# Please Help Me with a Rabbit Dish



## kaneohegirlinaz (Apr 24, 2011)

Back in the spring of 2004, I took my Mother to Manhattan for the first time.   She had wanted to dine at Balthazar, along with other “famous” restaurants.   We no sooner took our seats, not waiting for the wait staff to enough utter a word; she orders “a very martini and a steak frites, please”.   I have never seen my Mother drink a single drop of alcohol in my lifetime!!

But I digress.   The special for the day was a rabbit dish, I ADORE RABBIT.   Very seldom do you see it on menus and I had to have it.   My mouth was watering as the plate was presented, but you know I can not remember how it was prepared.

Maybe someone at Cheftalk.com can help me out and suggest a recipe.   I recently have found an honest-to-goodness butcher here in town and he carries game.    I waited a bit to think about this again, out of courtesy to the Easter Bunny.


----------



## granny smith (Jan 31, 2011)

Was it rillettes of _rabbit_ with marinated mushrooms?

I've been googling and that was the only rabbit dish I could find in connection with Balthazar.


----------



## kaneohegirlinaz (Apr 24, 2011)

You know, that's not it, but I never thought to "google" a recipe at Balthazar.  It was more like a stew or fricassee, but it was a rich brown sauce with veggies.  You Granny Smith, I was so excited at the time.


----------



## kaneohegirlinaz (Apr 24, 2011)

For some reason, this has been bugging me, trying to find this rabbit recipe. 

It struck me last night as I was falling asleep, I made a scrapebook of that trip for my Mother.  Guess what I had put in it?  Copies of the menus from each restaurant we had been to!!

Lapin Aux Pruneaux

I looked up the recipe, but there is no way that my husband will eat that, he doesn't care for prunes.

Could someone make a suggestion for a nice rich brown sauce-based rabbit recipe?

Please?


----------



## chrisbelgium (Oct 2, 2010)

Kaneo, the dish is very much Belgian origin. It was often made at festive days, even at the time my grandmothers still lived 50+ years ago. I make it a few times a year. Rabbit is widely available in my country, not wild ones, they are bred. The recipe looks very much like our worldfamous carbonades flamandes which is also a stew made with beer.

Lapin aux pruneaux is made with dried prunes and dark beer. A type dark "Leffe" beer is very much OK. I often use Californian dried prunes.

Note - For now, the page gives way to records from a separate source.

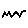
Label: zigzag
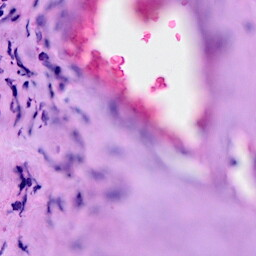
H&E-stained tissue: Breast
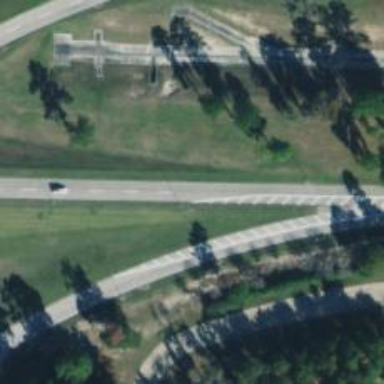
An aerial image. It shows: Trunk link highway.
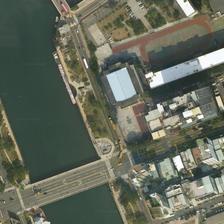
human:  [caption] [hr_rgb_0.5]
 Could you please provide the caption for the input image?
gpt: a bridge is on a river with many buildings on one side of it .

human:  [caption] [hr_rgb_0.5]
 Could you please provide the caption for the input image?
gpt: a river with a bridge on it is next to many buildings .

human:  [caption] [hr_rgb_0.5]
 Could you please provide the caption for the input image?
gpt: many buildings and a playground are next to a river with a bridge over it .

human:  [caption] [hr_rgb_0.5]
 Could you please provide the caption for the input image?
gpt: the river is dark green, and the bridge on the river connects the busy right bank with the left bank .

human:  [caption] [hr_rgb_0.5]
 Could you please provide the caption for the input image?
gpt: many buildings and a playground are next to a river with a bridge over it .
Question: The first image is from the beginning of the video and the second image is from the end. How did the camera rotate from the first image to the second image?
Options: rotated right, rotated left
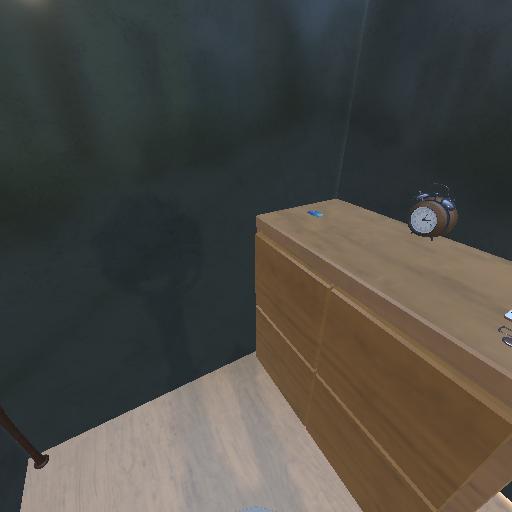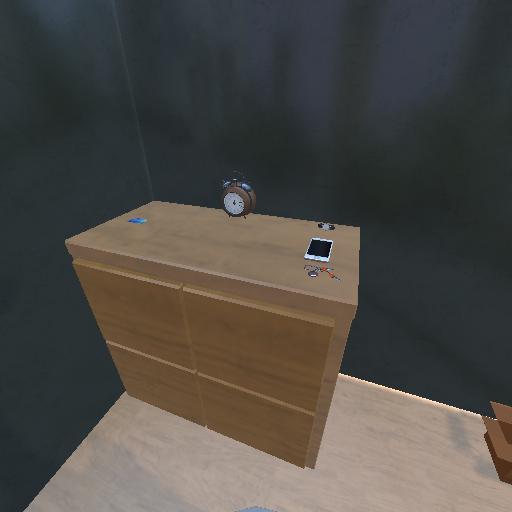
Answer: rotated right
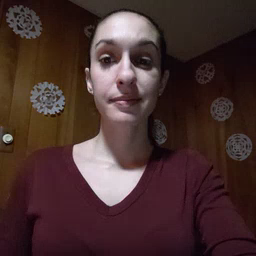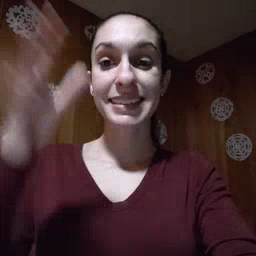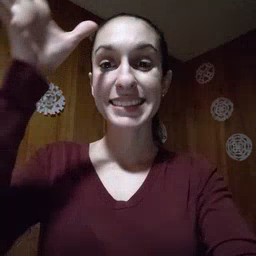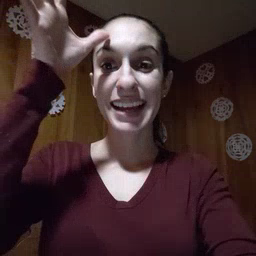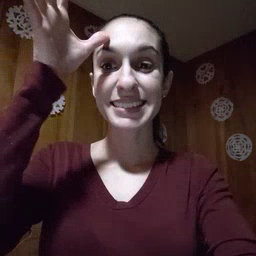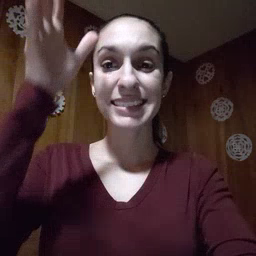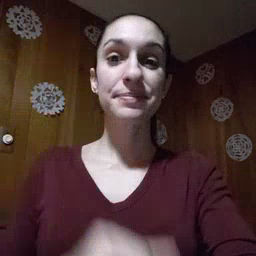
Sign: dad
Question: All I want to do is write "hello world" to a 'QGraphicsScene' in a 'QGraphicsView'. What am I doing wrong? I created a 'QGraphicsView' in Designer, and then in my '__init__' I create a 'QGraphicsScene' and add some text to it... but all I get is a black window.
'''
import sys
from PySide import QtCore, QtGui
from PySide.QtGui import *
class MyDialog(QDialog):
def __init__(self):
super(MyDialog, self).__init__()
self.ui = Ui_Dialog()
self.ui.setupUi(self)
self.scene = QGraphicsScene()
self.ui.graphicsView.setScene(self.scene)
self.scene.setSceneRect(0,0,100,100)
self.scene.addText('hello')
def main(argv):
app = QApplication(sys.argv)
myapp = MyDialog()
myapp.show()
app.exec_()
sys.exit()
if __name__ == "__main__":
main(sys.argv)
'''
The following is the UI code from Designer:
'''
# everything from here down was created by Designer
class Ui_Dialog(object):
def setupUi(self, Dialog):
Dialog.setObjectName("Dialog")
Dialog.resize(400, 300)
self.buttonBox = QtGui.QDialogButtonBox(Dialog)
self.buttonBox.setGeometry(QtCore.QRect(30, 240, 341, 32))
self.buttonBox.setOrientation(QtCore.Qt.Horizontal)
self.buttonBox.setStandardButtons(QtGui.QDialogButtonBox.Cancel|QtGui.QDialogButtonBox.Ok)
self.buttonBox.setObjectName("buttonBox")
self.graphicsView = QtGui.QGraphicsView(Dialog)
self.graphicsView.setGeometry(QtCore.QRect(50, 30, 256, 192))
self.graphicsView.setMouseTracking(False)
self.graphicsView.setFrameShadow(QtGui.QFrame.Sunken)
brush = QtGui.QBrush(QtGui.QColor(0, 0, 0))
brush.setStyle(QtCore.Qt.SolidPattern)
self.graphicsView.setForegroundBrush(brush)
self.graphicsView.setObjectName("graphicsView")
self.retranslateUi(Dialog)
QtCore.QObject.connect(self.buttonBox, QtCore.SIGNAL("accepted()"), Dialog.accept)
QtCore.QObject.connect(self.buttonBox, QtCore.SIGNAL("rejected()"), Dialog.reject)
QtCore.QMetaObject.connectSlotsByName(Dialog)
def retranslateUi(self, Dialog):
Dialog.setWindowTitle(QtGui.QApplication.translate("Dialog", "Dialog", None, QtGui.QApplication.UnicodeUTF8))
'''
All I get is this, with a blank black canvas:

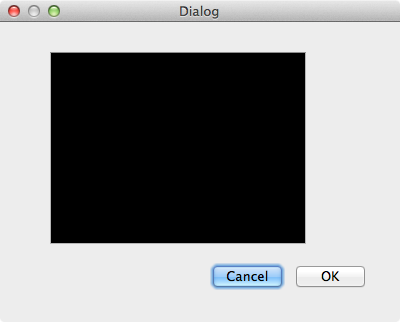
Answer: There are two problems...
First, you set your Foreground brush to black in your QGraphicsView. That means all children will inherit that unless they specify otherwise.
'''
brush = QtGui.QBrush(QtGui.QColor(0, 0, 0))
brush.setStyle(QtCore.Qt.SolidPattern)
#self.graphicsView.setForegroundBrush(brush)
self.graphicsView.setBackgroundBrush(brush)
'''
Also, since you changed the background to black, you should set your text to a color you can see. Because it will be black by default:
'''
text = self.scene.addText('hello')
text.setDefaultTextColor(QtGui.QColor(QtCore.Qt.red))
'''
If you don't care about the black background and just simply want to see it work, just comment out this line in your UI (or unset the brush setting in Designer) and change nothing else:
'''
# self.graphicsView.setForegroundBrush(brush)
'''
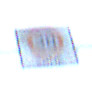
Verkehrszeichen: BeginnZone30
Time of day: SunriseSunset
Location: Outdoor (Nature)
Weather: Clear
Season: NotSpecified
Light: Natural
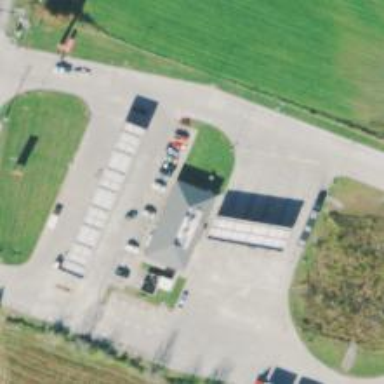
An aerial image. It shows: Convenience shop.
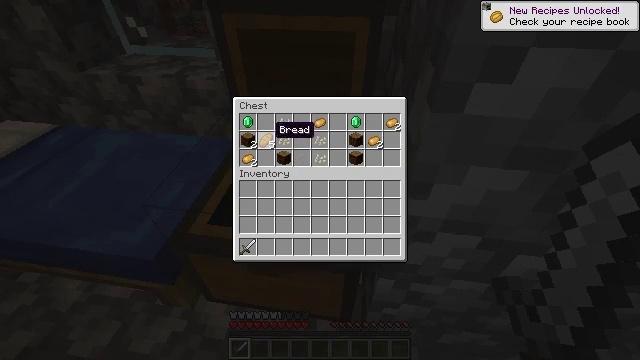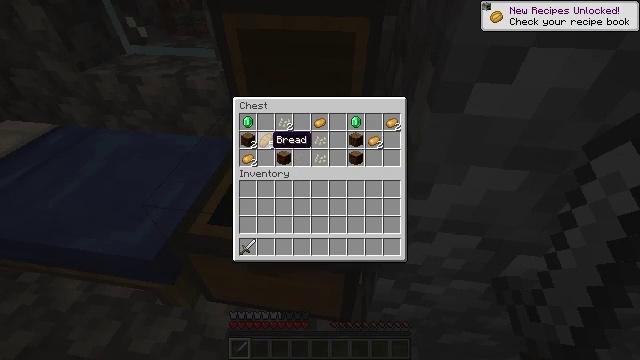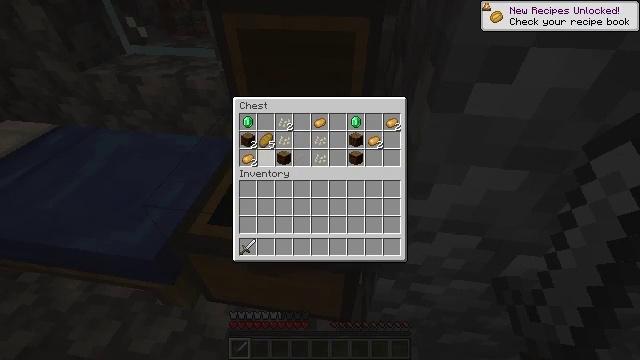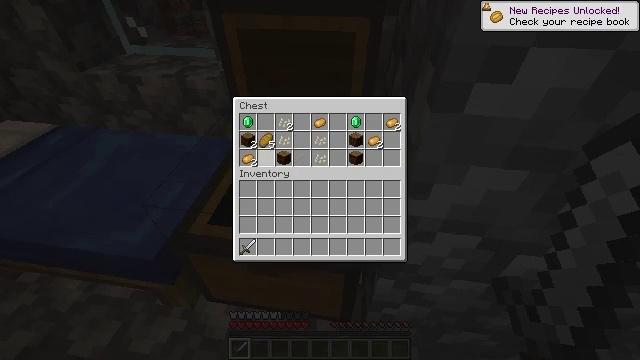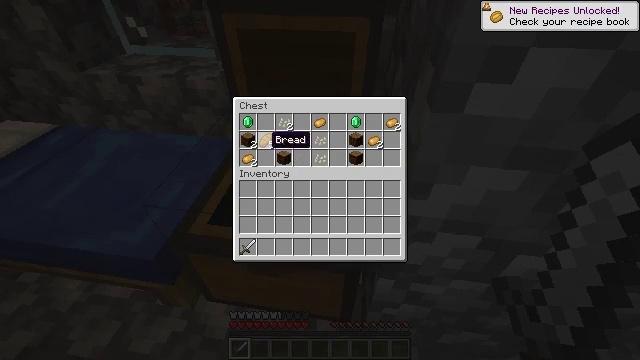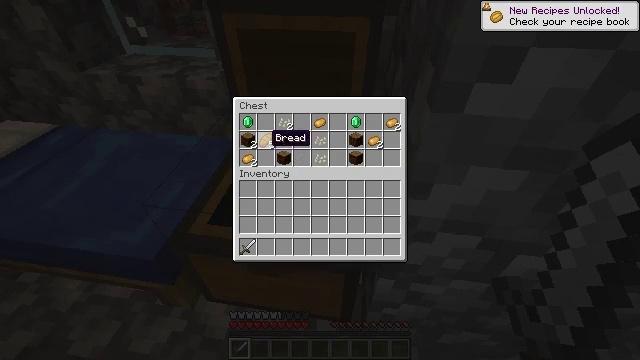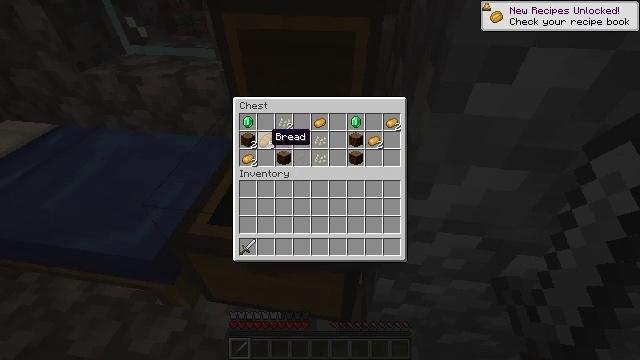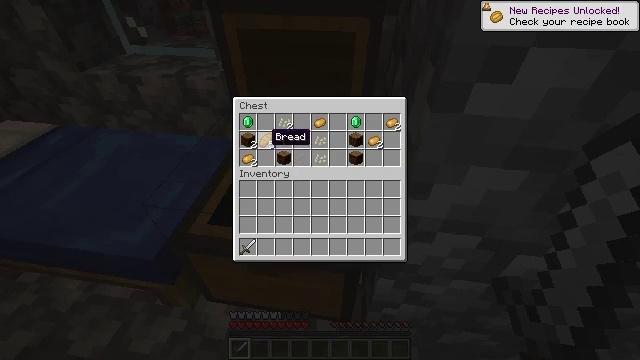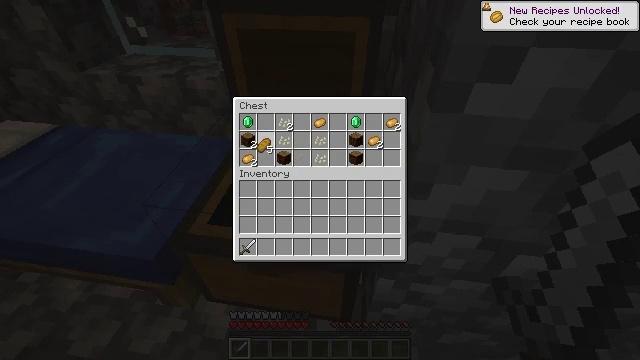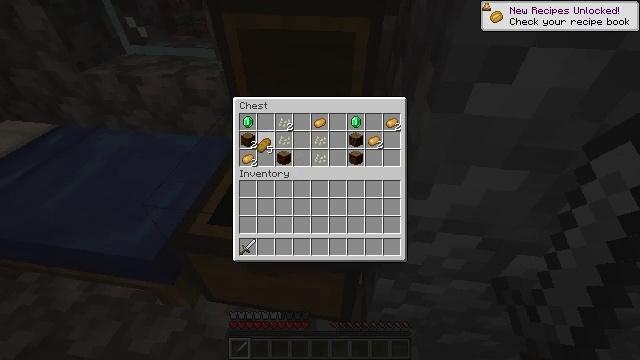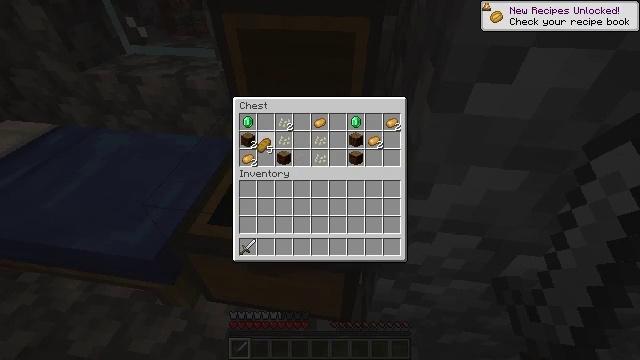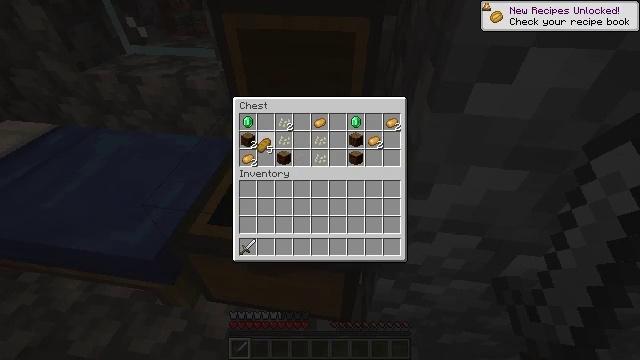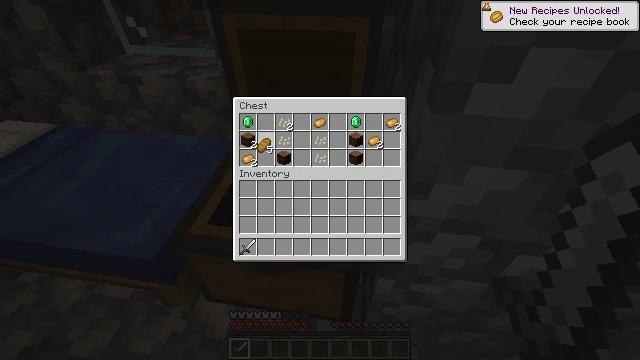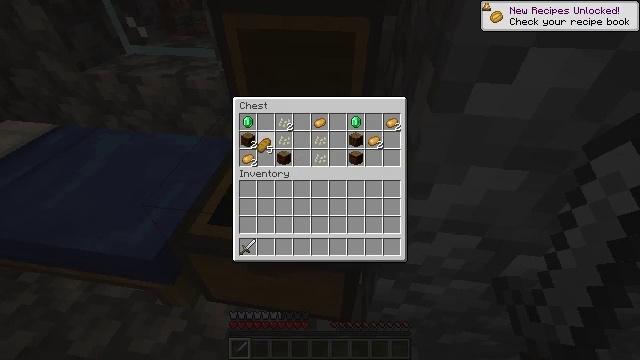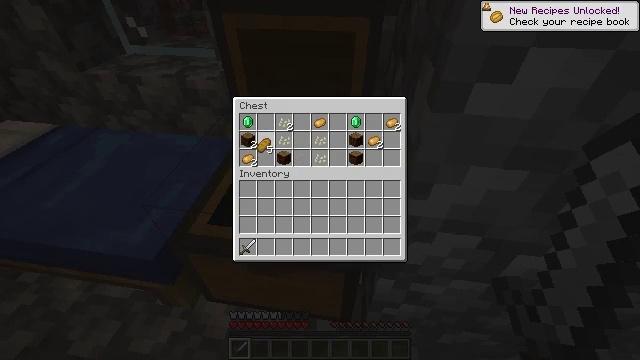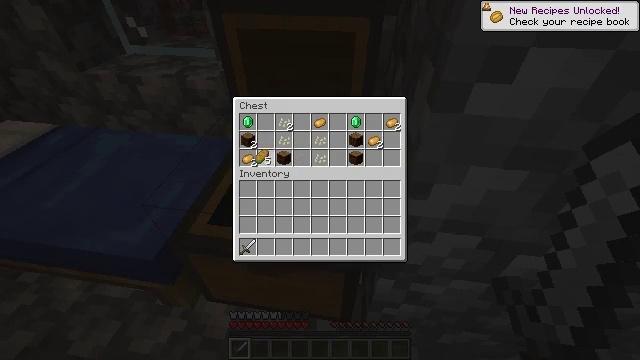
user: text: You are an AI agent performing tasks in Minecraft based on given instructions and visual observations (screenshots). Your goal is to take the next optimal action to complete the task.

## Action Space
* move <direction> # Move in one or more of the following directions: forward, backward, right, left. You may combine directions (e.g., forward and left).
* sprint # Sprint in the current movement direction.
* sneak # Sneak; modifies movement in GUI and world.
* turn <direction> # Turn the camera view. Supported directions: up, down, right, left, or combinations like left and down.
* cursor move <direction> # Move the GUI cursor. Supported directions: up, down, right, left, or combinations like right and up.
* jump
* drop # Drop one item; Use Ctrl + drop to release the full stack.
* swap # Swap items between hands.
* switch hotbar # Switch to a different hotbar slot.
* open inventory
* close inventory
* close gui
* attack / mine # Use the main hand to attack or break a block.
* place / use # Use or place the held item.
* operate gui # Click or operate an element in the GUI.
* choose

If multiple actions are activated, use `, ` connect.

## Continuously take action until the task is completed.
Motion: motion action
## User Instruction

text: Destroy the spruce leaves to get sticks and saplings.
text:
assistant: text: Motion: cursor move down
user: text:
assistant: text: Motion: no_op
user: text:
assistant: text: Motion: no_op
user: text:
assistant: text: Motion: no_op
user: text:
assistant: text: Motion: no_op
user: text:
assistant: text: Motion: no_op
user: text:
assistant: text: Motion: no_op
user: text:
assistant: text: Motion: operate gui
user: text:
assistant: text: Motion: no_op
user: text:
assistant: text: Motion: no_op
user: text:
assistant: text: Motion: no_op
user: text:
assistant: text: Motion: no_op
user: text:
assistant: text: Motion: no_op
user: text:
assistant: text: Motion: no_op
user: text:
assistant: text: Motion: cursor move down
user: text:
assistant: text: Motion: cursor move down
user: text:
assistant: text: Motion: cursor move down
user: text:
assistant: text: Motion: no_op
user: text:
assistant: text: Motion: operate gui
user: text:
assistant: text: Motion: operate gui
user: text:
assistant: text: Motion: operate gui
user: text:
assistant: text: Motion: no_op
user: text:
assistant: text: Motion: no_op
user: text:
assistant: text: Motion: no_op
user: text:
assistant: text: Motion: cursor move up
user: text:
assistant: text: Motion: cursor move up
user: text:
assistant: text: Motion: sneak
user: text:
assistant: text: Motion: sneak
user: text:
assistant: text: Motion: sneak
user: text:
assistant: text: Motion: sneak
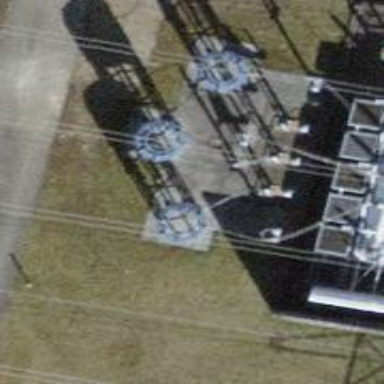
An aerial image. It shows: Power line in the image.
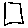
Label: square
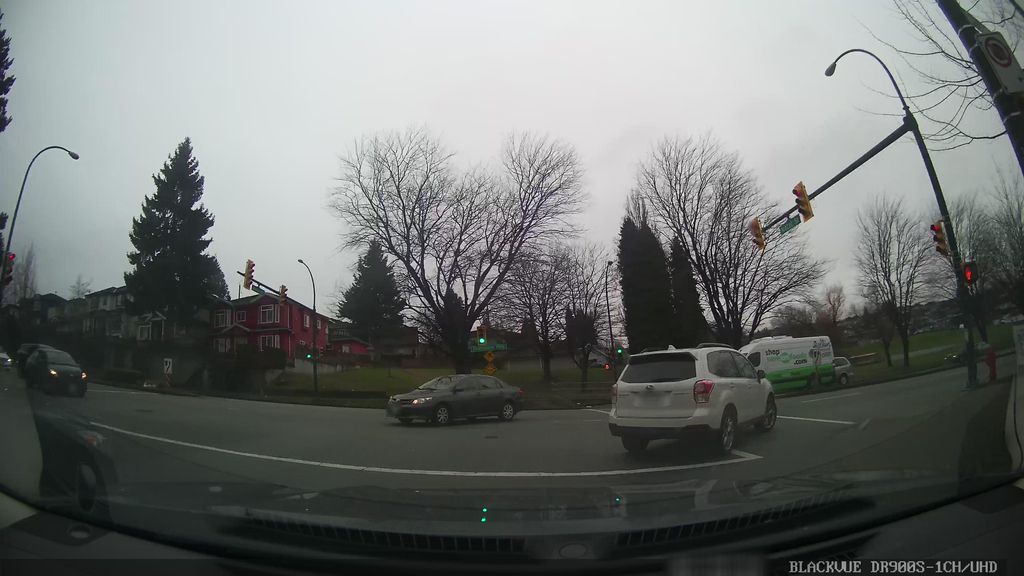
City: vancouver
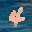
Label: 4

Start by cutting the rabbit in pieces. Do keep the liver and kidneys, they are delicious!

Sweat onion or shallot and a few cloves of garlic. Take out of the pan.

Sear the rabbit pieces in butter/oil (I do mine in sunflower only) until nicely browned. Add onions etc again and sprinkle with 1-2 not to full tbsp of plain flour, this will thicken the sauce. Stir and let cook for a while until all is covered with flour and gets a little sticky. Now add the beer until covered 3/4. Add some veal fond or simply a little water to barely cover. Peel some carrots and cut in 1 inch long chunks. Cut them in half lenghtwise so they are all more or less equal. Add to the pot. Also add 1 tbsp of Dijon style mustard. Add a good sprig of fresh thyme, 2 bay leaves, s&p. Add 2 handfulls of dried prunes 30 minutes later on in the simmering. All this has to simmer now for at least 90 minutes or until the meat just doesn't fall from the bones.

Mostly served with a humble boiled potato and apple sauce or as I do with caramelized apples.

Enjoy! BTW, do a picture search on Google using this; "*konijn met pruimen*" (that's the original name of the dish)


----------



## kaneohegirlinaz (Apr 24, 2011)

Thank you very much ChrisBelgium (my Mother is going to be there next week for the tulips!)

I think that I will try this recipe, but just remove the prunes before my husband sees them, he'll never know.

By chance, would you have another rabbit recipe?


----------



## siloway (Mar 24, 2011)

Nice recipe, going to try it. Thanks

If you have a cast iron casserole dish you could leave this thing in the oven for 3 hours at 120°C after an initial 30 mins simering on the hob. The meat will maintain texture but be unbelievably tender and same for the veg.

You can make a pretty similar dish with a porc roast gorgeous with dried prunes.


----------



## chefedb (Apr 3, 2010)

I believe you are talking about a dish called ""Brunswick Stew'' which is a classic . Could be served with dumplings.  Germany makes a dish called Hausenphefer ( ( excuse my spelling of this one))


----------



## kaneohegirlinaz (Apr 24, 2011)

Thanks Siloway!


----------



## kaneohegirlinaz (Apr 24, 2011)

Mahalo, Chefedb, the brunswick stew sounds like that will be a winner at our house, the hasenfeffer, I'll have to research somem more online. 

I think BugsBunny kinda' put Americans off of eating hare or rabbit, but I think it is fantastic!!

If anyone has more suggestions on recipes using rabbit, please keep them coming...


----------



## chrisbelgium (Oct 2, 2010)

You need to look around in Spain, they do like "conejo" over there!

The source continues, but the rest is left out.